How to set up Mongo on Pentaho

by Zachary Zeus
August 18, 2014

With the Pentaho 5.1 release there was a really exciting innovation – analytics directly against a Mongo DB cluster.  Mongo on Pentaho is exciting because it means that you can do advanced data discovery against Mongo collections directly.

Mongo LogoBetter TogetherPentaho Logo

Setting this up can be a bit tricky – as you have to understand how both Pentaho and Mongo and work.  Additionally, Pentaho has introduced some new technologies in order to make this capability robust, scalable and extendible out to other data sources.

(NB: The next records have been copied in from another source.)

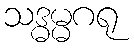
သဒ္ဓမ္မဂရု
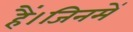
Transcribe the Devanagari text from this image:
हैं।जिनमें
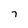
Character: 7
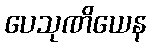
ပေသုဏိယေန
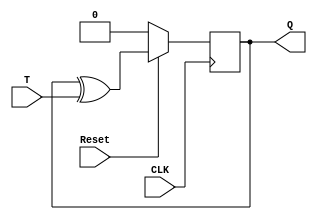
// Implementation of a T Flip-Flop using Behavioral Modeling

`timescale 1ns / 1ps


module T_flip_flop(input CLK, input Reset, input T, output reg Q);

always @(negedge CLK)
    if(!Reset)
        Q <= 1'b0;
    else 
        Q <= Q ^ T;
   
endmodule

New Pentaho Technologies to make this work:

– Mondrian 4.0 – this is the next generation OLAP engine that is part of the Pentaho suite.  This is the first time that it has made it into a Pentaho production release.  It also has a new schema syntax.

– OSGI – This allows the Mondrian 4.0 engine to be implemented along side the existing mondrian implementations.  This also opens up more options in the platforms plug able layer.

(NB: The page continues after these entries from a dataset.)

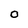
Character: o
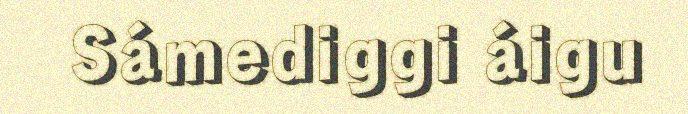
Sámediggi áigu
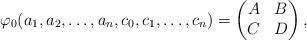
LaTeX: \begin{align*}\varphi_{0}(a_{1},a_{2},\ldots,a_{n},c_{0},c_{1},\ldots,c_{n})=\begin{pmatrix}A & B\\C & D\end{pmatrix},\end{align*}
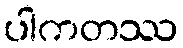
ပါကတဿ

– PentahoMongoOlap Layer.  This is a mapping from the Olap Engine and it’s syntax (expressed on the front-end in MDX) to the Mongo functions and query syntax.  Historically, this mapping has only been done to SQL – now we have an implementation of two syntaxes (SQL and Mongo) – this opens the door to do OLAP analyses across any syntax.

See this article by Will Gorman, on the technical details of all of this and to get the Mondrian 4 package installed if you’re using the Pentaho CE version.

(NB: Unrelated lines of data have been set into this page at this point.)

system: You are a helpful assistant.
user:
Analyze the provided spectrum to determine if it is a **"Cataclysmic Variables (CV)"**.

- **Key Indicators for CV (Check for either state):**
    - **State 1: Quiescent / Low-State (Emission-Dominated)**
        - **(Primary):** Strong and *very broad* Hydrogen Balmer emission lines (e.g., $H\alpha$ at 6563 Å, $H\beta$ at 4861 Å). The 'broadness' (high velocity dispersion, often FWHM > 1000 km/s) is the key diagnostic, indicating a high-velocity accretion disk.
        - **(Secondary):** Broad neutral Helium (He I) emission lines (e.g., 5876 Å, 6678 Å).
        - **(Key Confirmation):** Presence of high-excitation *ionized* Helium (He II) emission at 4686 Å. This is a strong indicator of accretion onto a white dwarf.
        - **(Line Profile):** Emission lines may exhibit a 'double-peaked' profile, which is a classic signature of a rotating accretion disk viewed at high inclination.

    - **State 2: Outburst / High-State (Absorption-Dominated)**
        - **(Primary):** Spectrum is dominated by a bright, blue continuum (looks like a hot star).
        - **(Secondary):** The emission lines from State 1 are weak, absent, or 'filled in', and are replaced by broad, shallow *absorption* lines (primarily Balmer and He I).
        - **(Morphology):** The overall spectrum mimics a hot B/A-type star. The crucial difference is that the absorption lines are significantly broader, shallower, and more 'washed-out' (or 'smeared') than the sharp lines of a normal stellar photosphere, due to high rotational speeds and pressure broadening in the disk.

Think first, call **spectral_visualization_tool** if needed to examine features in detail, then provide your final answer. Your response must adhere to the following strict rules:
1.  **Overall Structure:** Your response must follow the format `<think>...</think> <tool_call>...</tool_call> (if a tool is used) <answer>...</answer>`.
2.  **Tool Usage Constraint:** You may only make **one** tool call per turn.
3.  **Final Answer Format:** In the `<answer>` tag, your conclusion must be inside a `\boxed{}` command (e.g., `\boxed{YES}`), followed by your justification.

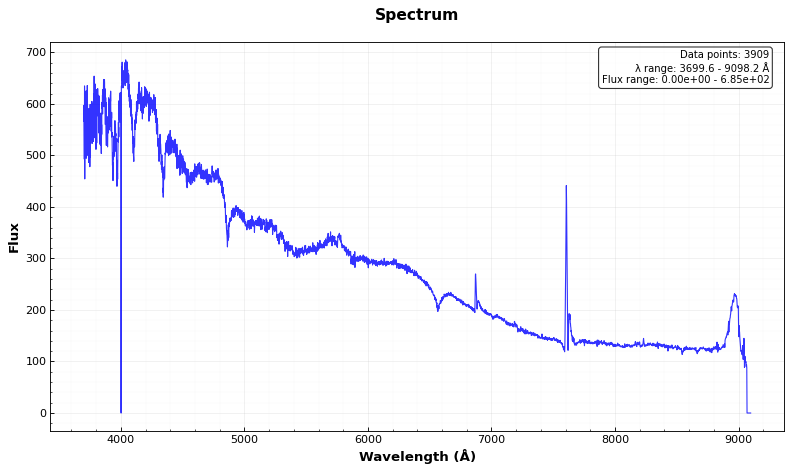
Answer: NO

– Mondrian 4, OSGi in Pentaho 5.1 CE

Assumptions

Make sure you have these in place before you get started.

1.  Running Pentaho Business Analytics server with Mondrian 4 installed and functioning correctly

2.  Running MongoDB database v 2.6 or above

Resources:

1.  Will Gormans blog post (helps getting Mondrian 4 running)

– Mondrian 4, OSGi in Pentaho 5.1 CE

2.  This JIRA task – (preliminary documentation on configuring Mongo on Pentaho)

– http://jira.pentaho.com/browse/MONDRIAN-1902

Steps (taken straight from the doc):

– Import sample data

– Upload Mondrian 4.0 Schema file

– Define the data connection

Import Sample Data

– If you have Pentaho 5.1 EE the sample data is located in /pentaho-solutons/system/samples/mondrian-data-foodmart-json-0.3.3.zip

– Unzip “mondrian-data-foodmart-json-0.3.3.zip”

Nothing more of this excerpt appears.